I am trying to use a TensorFlow model in Go. Frankly, I know nothing about Machine learning. I am just trying to run the model. I've been successful so far by doing as below

    func (m *Engine) Run(ctx context.Context, r io.Reader, resizType bool) (probability float64, err error) {
        // Create a session for inference over graph.
        session, err := tf.NewSession(m.model, nil)
        if err != nil {
            log.Fatal(err)
        }
        defer session.Close()

        tensor, err := makeTensorFromImage(ctx, r, resizType)
        if err != nil {
            return 0, err
        }

        output, err := session.Run(
            map[tf.Output]*tf.Tensor{
                m.model.Operation("model_2_input").Output(0): tensor,
            },
            []tf.Output{
                m.model.Operation("dense_4/Sigmoid").Output(0),
            },
            nil)
        if err != nil {
            fmt.Println(err)
        }

        probabilities := output[0].Value().([][]float32)[0]

        return float64(probabilities[0]), nil
    }

func makeTensorFromImage(ctx context.Context, image io.Reader, resizType bool) (*tf.Tensor, error) {
    bytes := StreamToByte(image)

    tensor, err := tf.NewTensor(string(bytes))
    if err != nil {
        return nil, err
    }

    // Construct a graph to normalize the image
    graph, input, output, err := constructGraphToNormalizeImage(resizType)
    if err != nil {
        return nil, err
    }

    // Execute that graph to normalize this one image
    session, err := tf.NewSession(graph, nil)
    if err != nil {
        return nil, err
    }
    defer session.Close()
    normalized, err := session.Run(
        map[tf.Output]*tf.Tensor{input: tensor},
        []tf.Output{output},
        nil)
    if err != nil {
        return nil, err
    }

    return normalized[0], nil
}

The below func give me a graph of shape [1,224,224,3] .

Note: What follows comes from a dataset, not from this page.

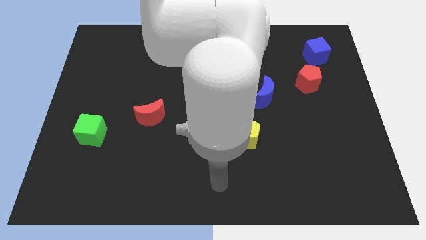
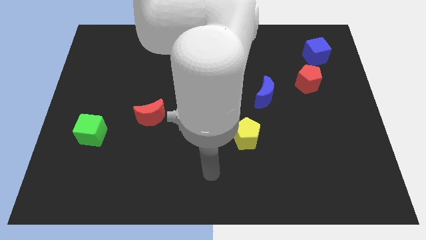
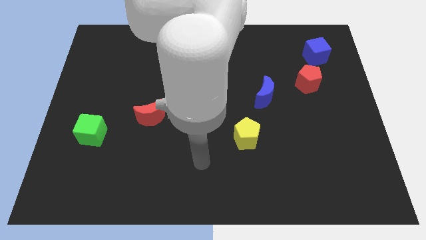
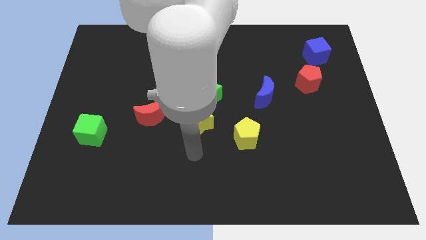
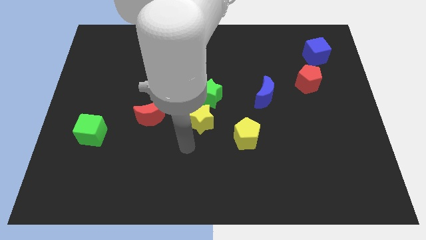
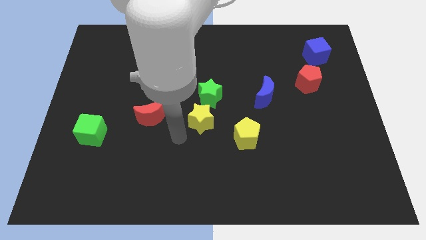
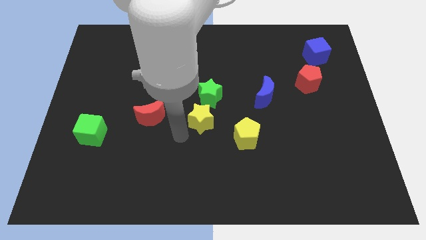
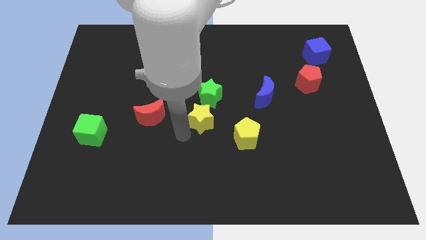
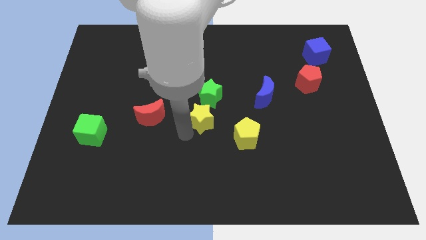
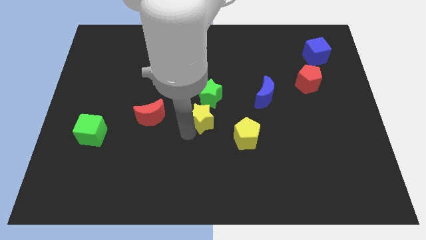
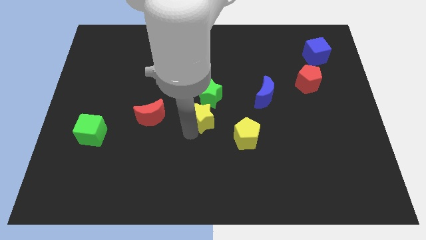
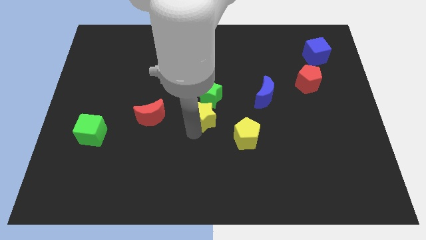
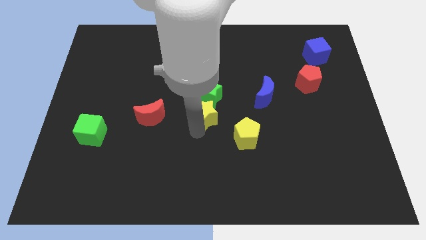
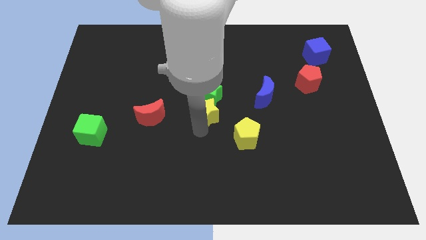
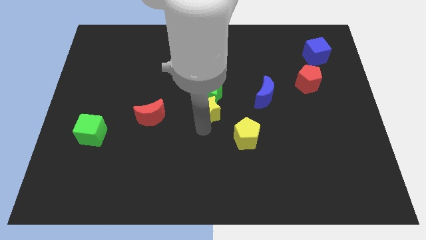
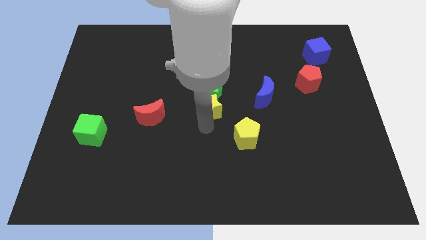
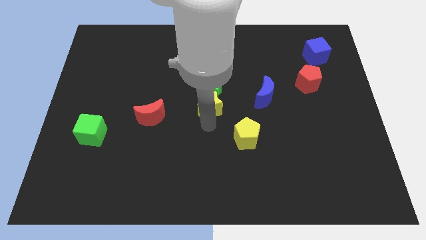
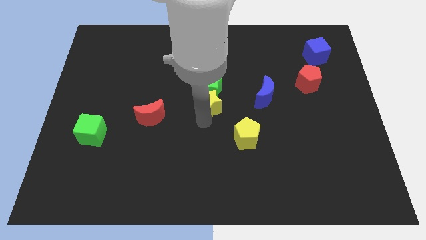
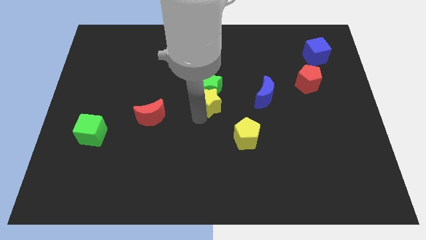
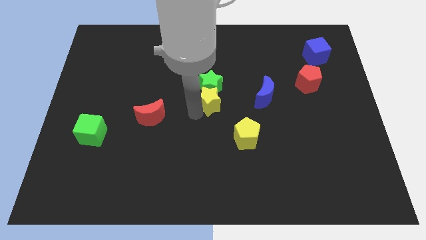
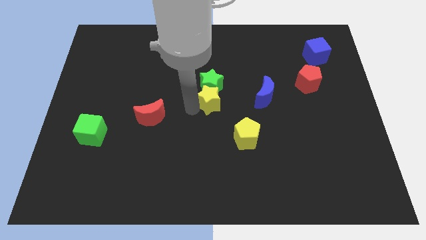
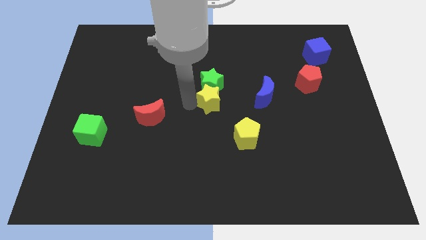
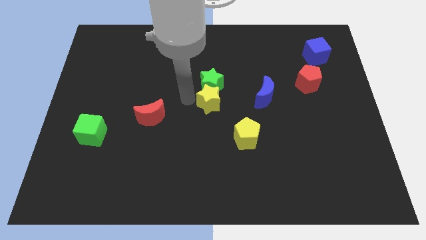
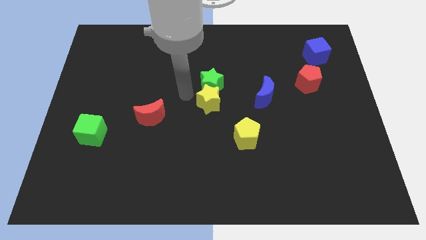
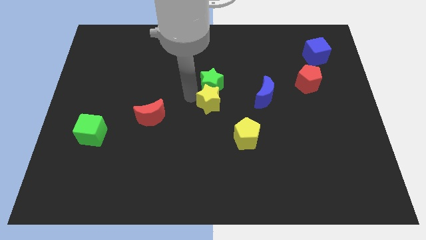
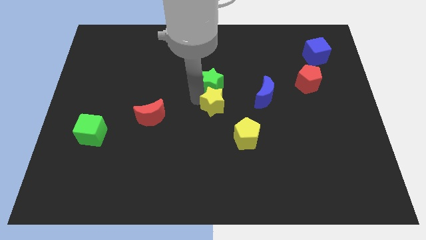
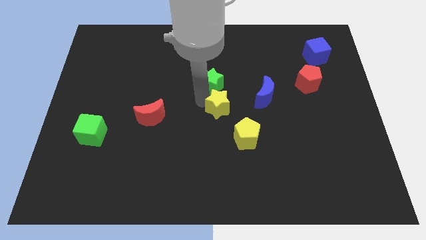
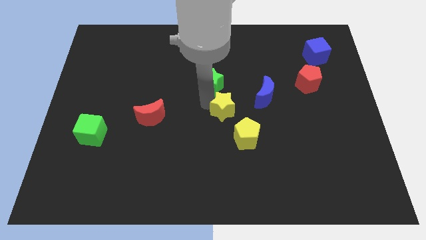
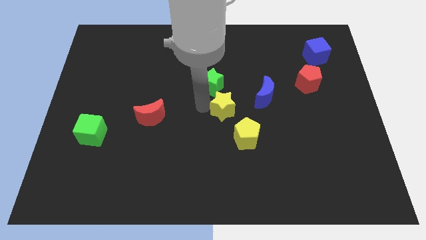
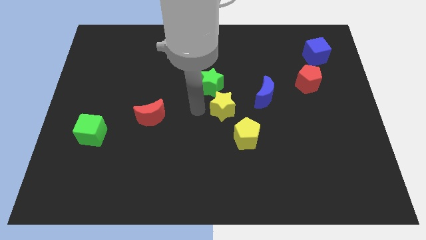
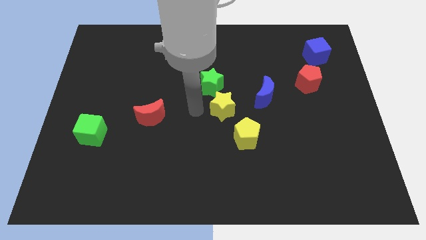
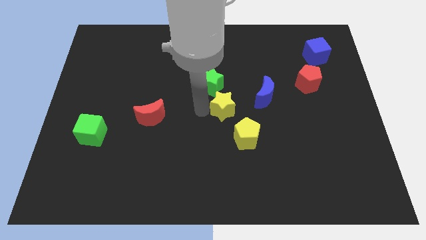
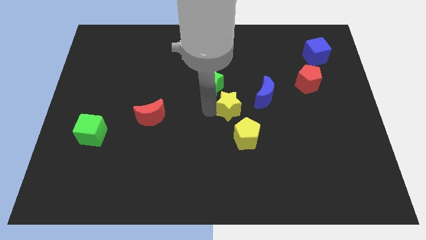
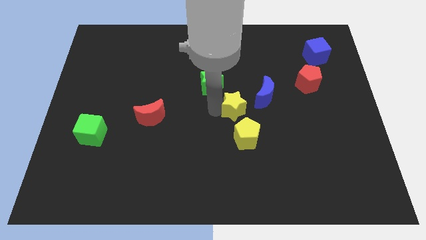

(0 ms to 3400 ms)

func constructGraphToNormalizeImage(resizType bool) (graph *tf.Graph, input, output tf.Output, err error) {
    const (
        H, W  = 224, 224
        Mean  = float32(0)
        Scale = float32(255)
    )
    s := op.NewScope()
    input = op.Placeholder(s, tf.String)
    if resizType {
        output = op.Div(s,
            op.Sub(s,
                op.ResizeArea(s,
                    op.ExpandDims(s,
                        op.Cast(s,
                            op.DecodeJpeg(s, input, op.DecodeJpegChannels(3)), tf.Float),
                        op.Const(s.SubScope("make_batch"), int32(0))),
                    op.Const(s.SubScope("size"), []int32{H, W})),
                op.Const(s.SubScope("mean"), Mean)),
            op.Const(s.SubScope("scale"), Scale))
        graph, err = s.Finalize()
    } else {
        output = op.Div(s,
            op.Sub(s,
                op.ResizeNearestNeighbor(s,
                    op.ExpandDims(s,
                        op.Cast(s,
                            op.DecodeJpeg(s, input, op.DecodeJpegChannels(3)), tf.Float),
                        op.Const(s.SubScope("make_batch"), int32(0))),
                    op.Const(s.SubScope("size"), []int32{H, W})),
                op.Const(s.SubScope("mean"), Mean)),
            op.Const(s.SubScope("scale"), Scale))
        graph, err = s.Finalize()
    }
    return graph, input, output, err
}

Now I don't want to use any resize function of any kind. I tried removing the resize func bit it gives me a shape of [1,?,?,3] obviously. So my question is how do I achieve what I need without resizing.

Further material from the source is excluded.